SECTION 2. The Trustee hereby consents to the Merger and the addition of
RAC RR as an additional Guarantor under the Indenture. As of the date hereof
(the "EFFECTIVE TIME"), RAC RR shall become, and each of RAC East, ColorTyme,
RAC West, Get It Now, RAC Texas, LP, RAC Texas, LLC, RAC International, RAC
Addison and RAC National shall continue to be, a "Guarantor" under and as
defined in the Indenture, and at the Effective Time, RAC RR shall assume all the
obligations of a Guarantor under the Notes and the Indenture as described in the
Indenture. RAC RR hereby unconditionally guarantees the full and prompt payment
of the principal of, premium, if any, and interest on the Notes and all other
obligations of the Issuer and the Guarantors under the Indenture in accordance
with the terms of the Notes and the Indenture.
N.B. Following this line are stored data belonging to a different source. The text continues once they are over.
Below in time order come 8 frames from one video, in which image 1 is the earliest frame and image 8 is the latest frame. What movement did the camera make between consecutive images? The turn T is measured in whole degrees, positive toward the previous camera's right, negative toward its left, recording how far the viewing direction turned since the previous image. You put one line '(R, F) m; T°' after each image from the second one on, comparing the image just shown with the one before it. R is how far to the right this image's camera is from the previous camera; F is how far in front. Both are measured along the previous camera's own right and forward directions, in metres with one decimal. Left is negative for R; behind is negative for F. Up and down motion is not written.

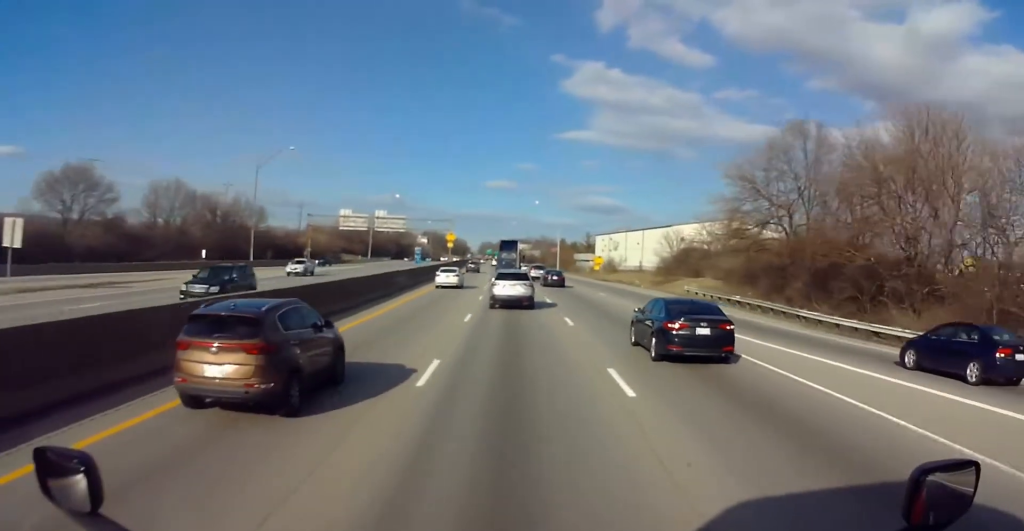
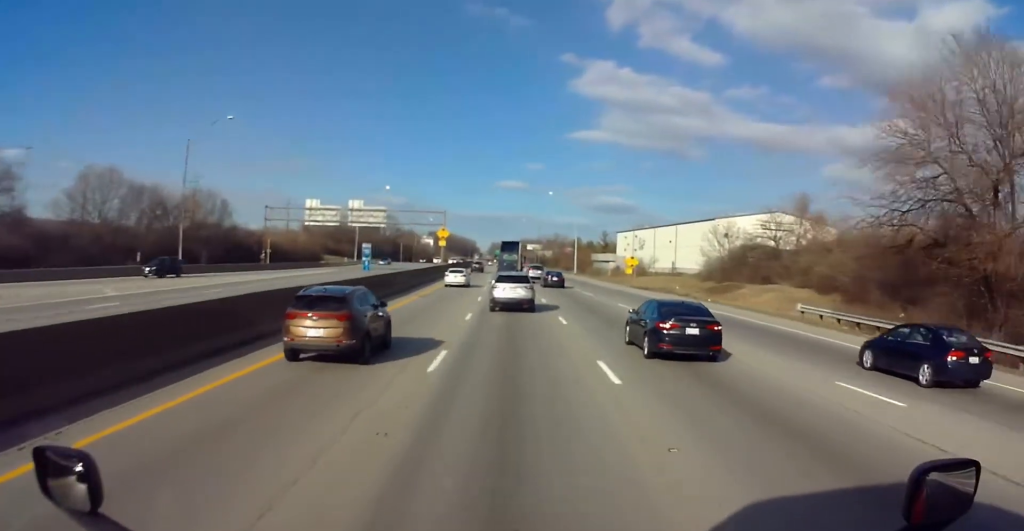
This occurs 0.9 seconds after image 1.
(0.0, +23.0) m; 0°
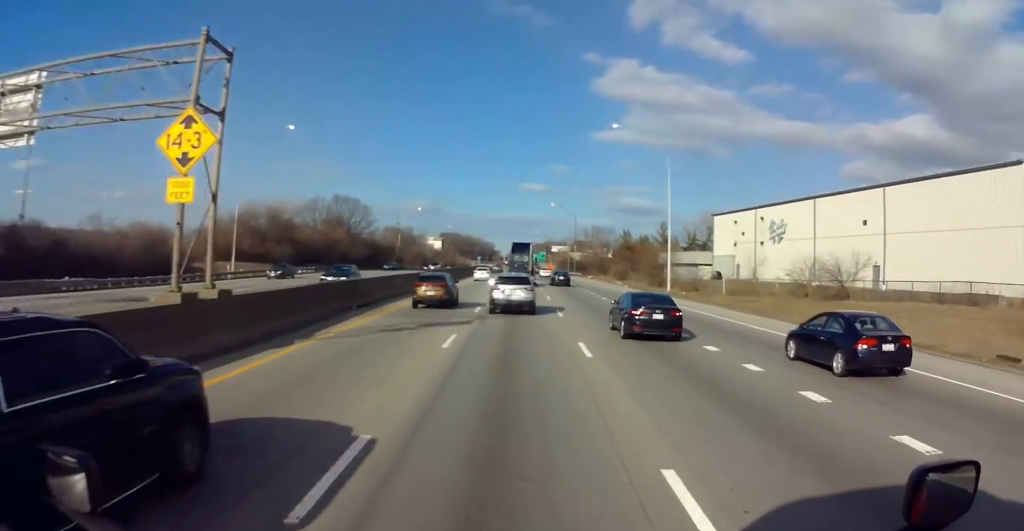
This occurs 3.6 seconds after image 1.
(+0.2, +69.7) m; +1°
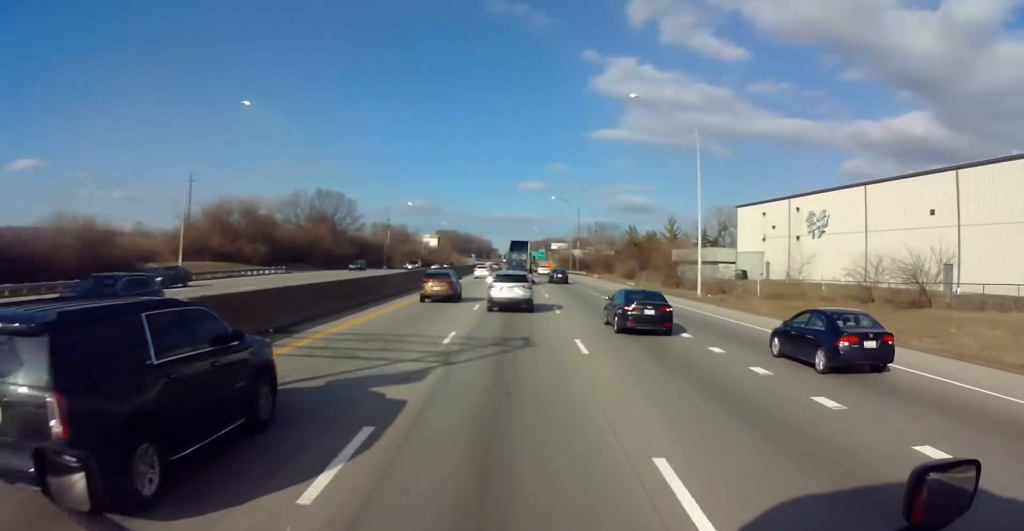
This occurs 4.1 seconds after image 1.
(0.0, +11.7) m; 0°
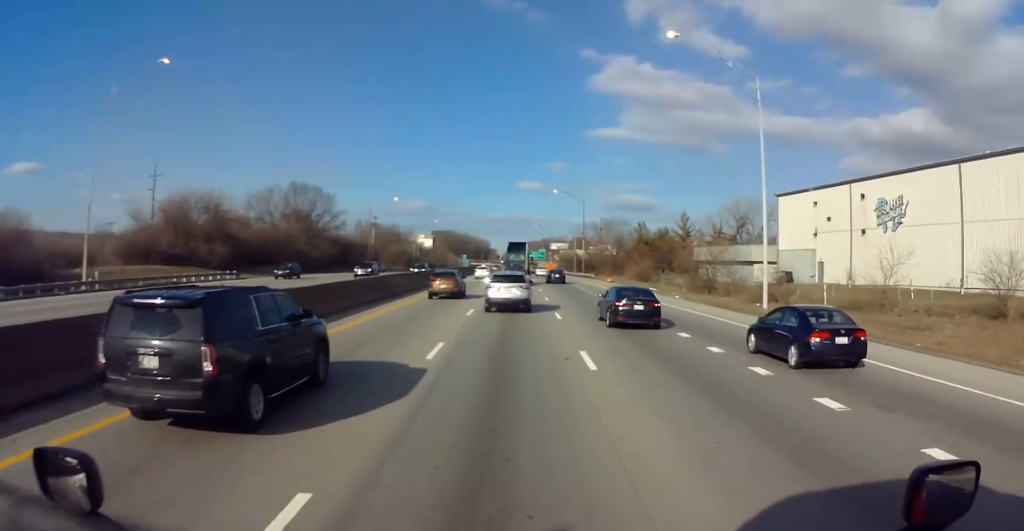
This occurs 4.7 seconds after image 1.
(0.0, +15.1) m; 0°
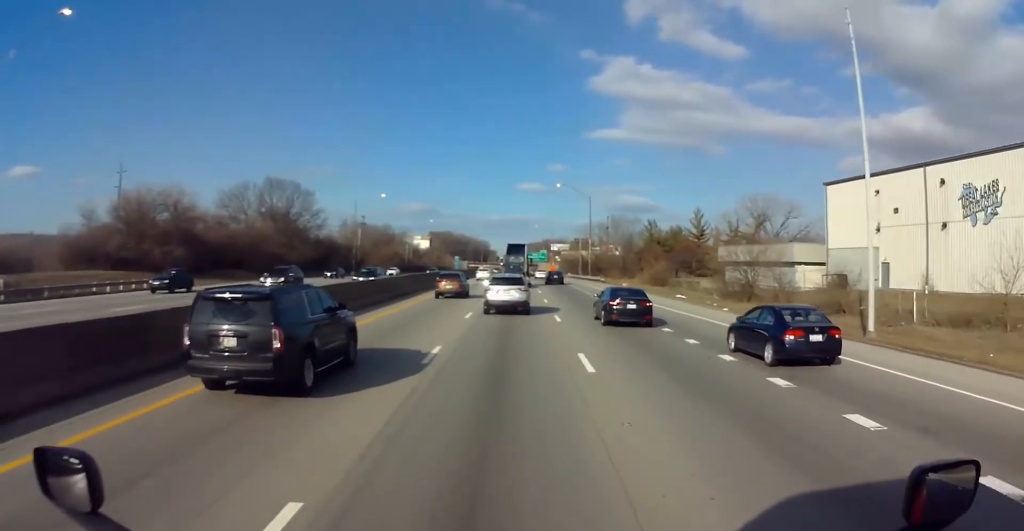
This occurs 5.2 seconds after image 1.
(0.0, +12.4) m; 0°
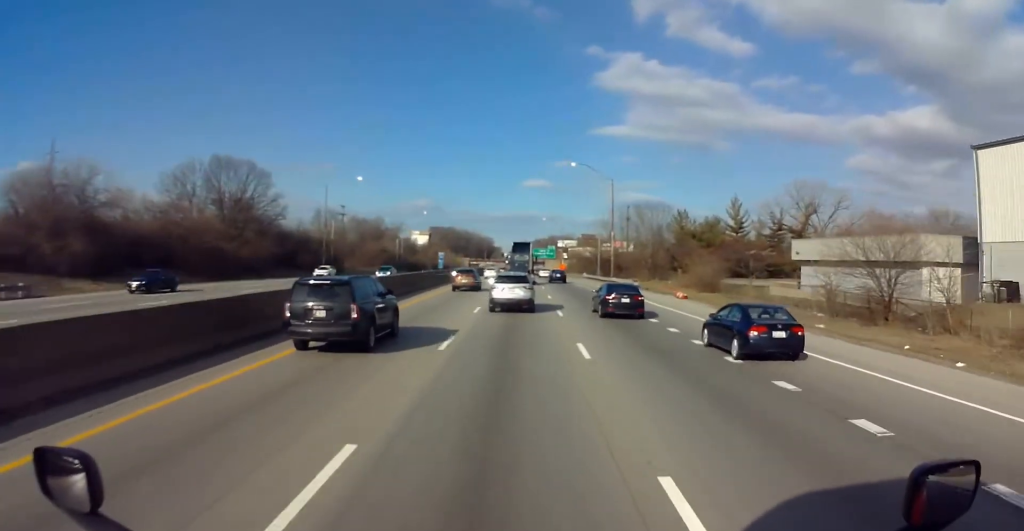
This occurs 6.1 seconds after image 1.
(-0.1, +22.3) m; -1°
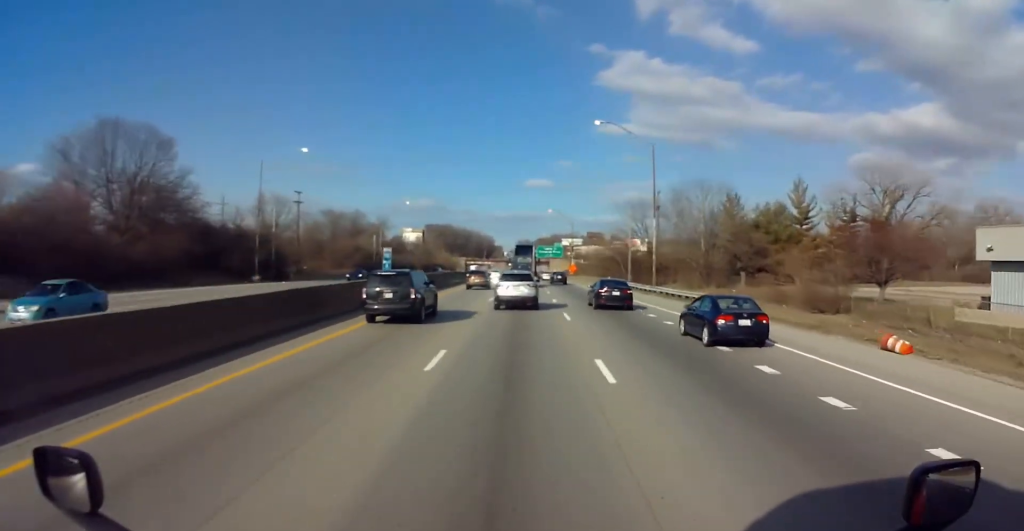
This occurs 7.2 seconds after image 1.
(-0.2, +27.7) m; 0°

SECTION 3. Except as expressly supplemented by this Third Supplemental
Indenture, the Indenture and the Notes issued thereunder are in all respects
ratified and confirmed and all of the rights, remedies, terms, conditions,
covenants and agreements of the Indenture and Notes issued thereunder shall
remain in full force and effect.
SECTION 4. This Third Supplemental Indenture is executed and shall
constitute an indenture supplemental to the Indenture and shall be construed in
connection with and as part of the Indenture. This Third Supplemental Indenture
shall be governed by and construed in accordance with the laws of the
jurisdiction that governs the Indenture and its construction.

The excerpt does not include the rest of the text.